I think, there are. Decimals with a certain exponent are equal spaced, 
but there are many different exponents involved going from 0.0 to 
1.0. The first normalized decimal is:

>> to-decimal #{0010 0000 0000 0000}
== 2.2250738585072e-308

The number with the next exponent is:

>> to-decimal #{0020 0000 0000 0000}
== 4.4501477170144e-308

I can take the difference:


>> (to-decimal #{0020 0000 0000 0000}) - to-decimal #{0010 0000 0000 
0000}
== 2.2250738585072e-308

and see the difference double with every new exponent:


>> (to-decimal #{0030 0000 0000 0000}) - to-decimal #{0020 0000 0000 
0000}
== 4.4501477170144e-308

>> (to-decimal #{0040 0000 0000 0000}) - to-decimal #{0030 0000 0000 
0000}
== 8.90029543402881e-308

>> (to-decimal #{0050 0000 0000 0000}) - to-decimal #{0040 0000 0000 
0000}
== 1.78005908680576e-307

So doing
random 1.0

many times with the current random function will favorize 0.0 a great 
deal.
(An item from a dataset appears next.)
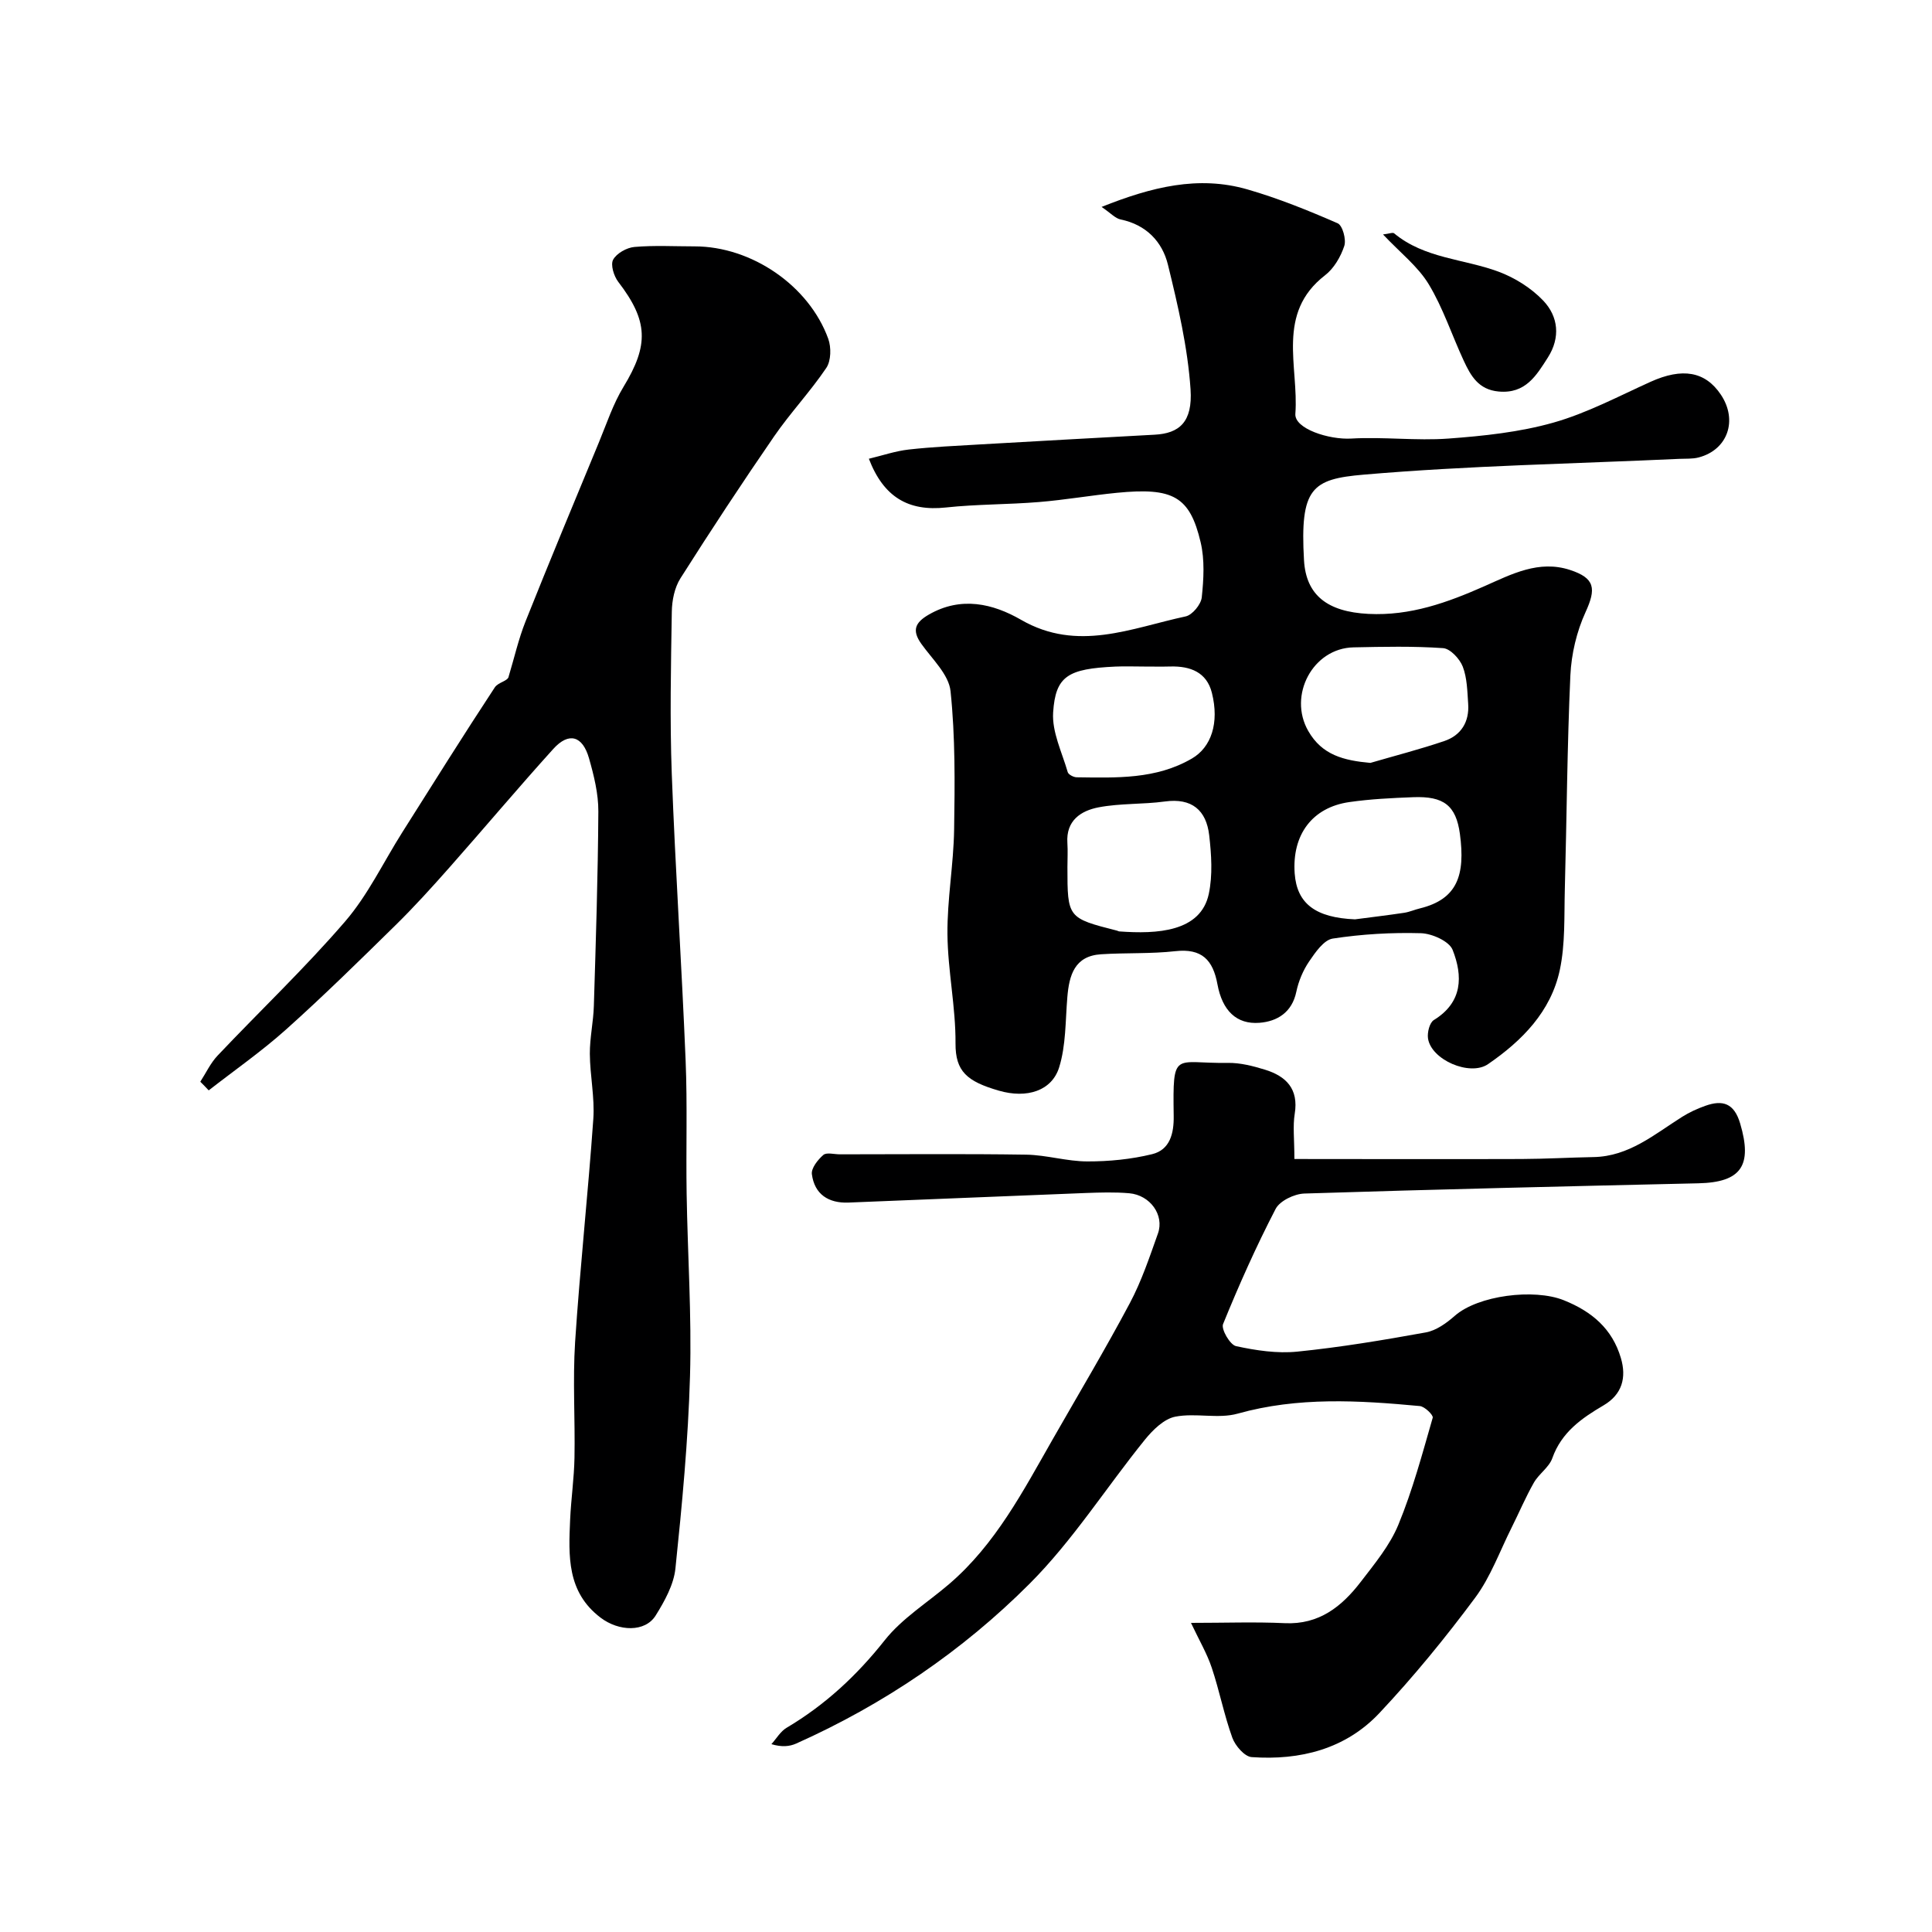 <svg enable-background="new 0 0 400 400" viewBox="0 0 400 400" xmlns="http://www.w3.org/2000/svg"><g fill="#000001"><path d="m179.89 94.98c2.8-.67 5.49-1.6 8.26-1.91 4.91-.55 9.86-.77 14.8-1.06 12.03-.69 24.07-1.36 36.11-2.01 5.07-.27 7.89-2.58 7.43-9.41-.59-8.67-2.6-17.3-4.68-25.78-1.17-4.78-4.5-8.28-9.79-9.37-1.13-.23-2.07-1.33-3.95-2.6 10.37-4.14 20.03-6.55 30.18-3.63 6.38 1.84 12.6 4.36 18.7 7.02 1.01.44 1.81 3.36 1.37 4.69-.74 2.24-2.14 4.65-3.98 6.07-10.2 7.88-5.42 18.9-6.15 28.68-.23 3.1 6.99 5.4 11.57 5.13 6.69-.39 13.45.49 20.13 0 7.3-.54 14.72-1.32 21.72-3.3 6.96-1.97 13.5-5.46 20.14-8.46 6.55-2.95 11.29-2.17 14.53 2.66 3.56 5.31 1.43 11.44-4.6 13.01-1.26.33-2.64.23-3.96.29-21.8 1.01-43.66 1.4-65.38 3.27-10.73.92-13.22 2.75-12.36 17.72.42 7.26 4.87 10.68 13.33 11.11 8.69.44 16.37-2.35 24.08-5.76 5.56-2.46 11.21-5.45 17.66-3.34 5.2 1.7 5.45 3.87 3.21 8.76-1.83 4-2.92 8.63-3.13 13.04-.67 14.75-.75 29.53-1.15 44.3-.15 5.59.11 11.32-1.04 16.73-1.84 8.6-7.8 14.64-14.86 19.49-3.76 2.58-11.8-.9-12.43-5.35-.17-1.22.33-3.24 1.21-3.78 6-3.68 6.02-9.13 3.89-14.53-.71-1.79-4.26-3.38-6.56-3.45-6.08-.17-12.24.19-18.25 1.11-1.86.28-3.62 2.86-4.9 4.74-1.26 1.85-2.19 4.08-2.65 6.27-.89 4.3-3.99 6.15-7.64 6.43-4.73.37-7.69-2.52-8.69-7.97-.93-5.05-3.23-7.47-8.71-6.86-5.08.57-10.26.31-15.38.64-5.5.35-6.61 4.33-6.99 8.89-.41 4.88-.27 9.96-1.7 14.54-1.51 4.82-6.64 6.51-12.51 4.8-6.57-1.91-8.97-3.98-8.94-9.77.05-7.53-1.6-15.06-1.67-22.6-.07-7.22 1.27-14.44 1.38-21.67.15-9.56.25-19.18-.74-28.66-.36-3.45-3.8-6.64-6.05-9.8-2-2.81-1.28-4.42 1.56-6.06 6.67-3.84 13.28-2.27 19.1 1.09 11.7 6.74 22.81 1.7 34.07-.71 1.38-.3 3.17-2.47 3.33-3.93.4-3.77.63-7.78-.23-11.42-2.25-9.51-5.7-11.38-17.34-10.24-5.38.53-10.73 1.47-16.11 1.91-6.42.53-12.9.44-19.29 1.13-7.78.84-12.9-2.15-15.95-10.09zm100.65 95.36c3.4-.45 6.81-.85 10.2-1.36 1.1-.17 2.16-.65 3.25-.91 7.74-1.9 9.41-6.87 8.27-15.4-.8-5.94-3.39-7.86-9.65-7.62-4.42.17-8.86.38-13.24 1.01-7.7 1.1-11.89 6.77-11.32 14.78.46 6.28 4.36 9.16 12.49 9.5zm-59.54-10.83c0 10.51.04 10.57 10.27 13.17.16.04.31.15.47.16 7.77.57 16.85.13 18.53-7.78.82-3.89.54-8.13.08-12.14-.6-5.16-3.58-7.75-9.17-6.98-4.55.62-9.24.35-13.73 1.21-3.64.7-6.77 2.72-6.46 7.37.11 1.66.01 3.33.01 4.99zm62.72-21.56c5.11-1.49 10.28-2.82 15.32-4.53 3.47-1.18 5.19-3.97 4.93-7.69-.18-2.6-.21-5.34-1.12-7.71-.63-1.62-2.59-3.73-4.08-3.83-6.16-.43-12.37-.29-18.55-.16-8.41.18-13.59 9.94-9.36 17.31 2.85 4.99 7.34 6.11 12.86 6.61zm-46.84-19.95c-1.99 0-3.98-.08-5.97.01-9.76.45-12.38 1.91-12.87 9.5-.26 4.04 1.84 8.26 3.02 12.35.15.51 1.21 1.06 1.85 1.07 8.18.1 16.41.46 23.87-3.89 3.98-2.32 5.7-7.34 4.13-13.59-1.07-4.28-4.47-5.56-8.56-5.46-1.82.05-3.64.01-5.47.01z"/><path d="m41.47 223.96c1.18-1.82 2.11-3.86 3.58-5.41 8.78-9.28 18.08-18.11 26.41-27.78 4.73-5.49 7.93-12.29 11.85-18.48 6.33-10.02 12.62-20.07 19.13-29.97.72-1.1 2.8-1.3 2.89-2.32 1.15-3.8 2.02-7.7 3.49-11.38 4.94-12.39 10.08-24.71 15.18-37.04 1.6-3.87 2.93-7.94 5.09-11.49 5.28-8.68 5.13-13.64-1.09-21.74-.91-1.19-1.63-3.53-1.06-4.58.72-1.33 2.82-2.5 4.41-2.64 4.13-.36 8.32-.12 12.48-.12 11.73 0 23.64 8.08 27.65 19.13.64 1.77.59 4.56-.4 6.03-3.32 4.92-7.45 9.3-10.82 14.19-6.65 9.66-13.1 19.46-19.38 29.37-1.23 1.94-1.76 4.6-1.79 6.95-.18 11.16-.42 22.33-.01 33.48.74 19.8 2.06 39.59 2.87 59.39.38 9.18.06 18.38.21 27.57.2 12.59 1.06 25.19.7 37.76-.38 13.3-1.64 26.6-3.02 39.85-.35 3.37-2.24 6.77-4.09 9.74-2.18 3.51-7.63 3.33-11.42.44-6.99-5.31-6.62-12.79-6.29-20.28.19-4.27.82-8.53.9-12.8.15-7.99-.38-16.02.13-23.98 1.01-15.41 2.69-30.78 3.77-46.19.31-4.45-.69-8.99-.72-13.48-.02-3.3.73-6.59.83-9.89.41-13.43.85-26.85.93-40.28.02-3.67-.91-7.43-1.93-11.01-1.34-4.7-4.19-5.48-7.39-1.95-7.29 8.06-14.28 16.38-21.48 24.52-3.61 4.08-7.28 8.14-11.17 11.96-7.45 7.32-14.91 14.65-22.69 21.62-5.05 4.52-10.65 8.42-16.01 12.6-.56-.61-1.15-1.2-1.74-1.79z"/><path d="m246.58 336c7.11 0 13.27-.23 19.41.06 7.12.34 11.83-3.46 15.76-8.58 2.87-3.74 6.01-7.53 7.77-11.81 2.95-7.15 4.96-14.7 7.11-22.15.15-.54-1.66-2.32-2.67-2.41-12.63-1.18-25.2-1.94-37.72 1.57-4.04 1.13-8.73-.2-12.92.63-2.33.46-4.64 2.74-6.27 4.75-8.03 9.92-14.95 20.9-23.91 29.86-13.91 13.92-30.19 24.97-48.29 33.06-1.39.62-2.99.77-5.14.13 1.04-1.15 1.88-2.65 3.16-3.4 7.96-4.72 14.51-10.8 20.29-18.1 3.6-4.55 8.85-7.79 13.34-11.64 9.63-8.25 15.35-19.31 21.49-30.05 5.34-9.35 10.87-18.6 15.92-28.1 2.43-4.56 4.09-9.55 5.83-14.44 1.36-3.82-1.62-7.95-5.94-8.33-3-.26-6.03-.16-9.05-.05-16.37.63-32.73 1.34-49.09 1.98-4.12.16-7.03-1.71-7.57-5.88-.16-1.24 1.23-2.99 2.37-3.98.67-.58 2.24-.13 3.41-.13 12.87 0 25.73-.13 38.6.07 4.23.07 8.44 1.4 12.66 1.4 4.48.01 9.06-.44 13.4-1.5 3.71-.9 4.53-4.32 4.47-7.91-.2-13.82.08-10.81 11.22-10.99 2.55-.04 5.19.64 7.66 1.4 4.39 1.35 7.02 3.97 6.18 9.13-.42 2.57-.07 5.26-.07 9.37 15.94.01 31.48.05 47.01 0 4.97-.02 9.95-.31 14.92-.4 7.33-.13 12.61-4.71 18.35-8.33 1.49-.94 3.13-1.69 4.79-2.28 3.61-1.29 5.98-.55 7.22 3.65 2.58 8.71.25 12.19-8.66 12.39-27.19.62-54.39 1.25-81.58 2.12-2.07.07-5.07 1.51-5.94 3.19-4.02 7.75-7.59 15.75-10.88 23.84-.43 1.06 1.45 4.29 2.68 4.56 4.13.9 8.52 1.56 12.69 1.14 8.92-.9 17.79-2.38 26.62-3.98 2.14-.39 4.27-1.92 5.97-3.42 4.84-4.26 16.42-5.7 22.56-3.25 5.86 2.34 10.07 5.94 11.85 11.99 1.18 4.01.29 7.51-3.6 9.79-4.53 2.66-8.7 5.56-10.6 10.93-.67 1.9-2.78 3.24-3.82 5.07-1.71 3-3.06 6.21-4.61 9.31-2.45 4.88-4.34 10.2-7.55 14.52-6.16 8.29-12.74 16.34-19.81 23.86-7.02 7.47-16.43 9.84-26.46 9.13-1.46-.1-3.4-2.35-4-4.01-1.71-4.73-2.66-9.72-4.26-14.49-.98-2.95-2.61-5.7-4.3-9.29z"/><path d="m286.34 48.54c1.28-.15 2.02-.47 2.3-.23 6.29 5.23 14.43 5.27 21.62 7.94 3.39 1.26 6.79 3.4 9.27 6.01 3.11 3.29 3.57 7.62.95 11.74-2.39 3.75-4.64 7.57-10.2 7.06-4.18-.38-5.78-3.26-7.23-6.38-2.45-5.27-4.27-10.91-7.26-15.85-2.24-3.69-5.91-6.53-9.45-10.29z"/></g></svg>

The consequence is, 0.0 will come out many more times than 
the first possible numbers just above 0.0, and the mean value will 
be a lot lower than 0.5.
The space between possible decimals around 1.0 is:


>> (to-decimal #{3ff0 0000 0000 0000}) - to-decimal #{3fef ffff ffff 
ffff}
== 1.11022302462516e-16

The space between possible decimals around 0.0 is:

>> to-decimal #{0000 0000 0000 0001}
== 4.94065645841247e-324


That's a huge difference. So it'll give a strange picture, if converting 
the max output of random (1.0 in this case) to 0.0.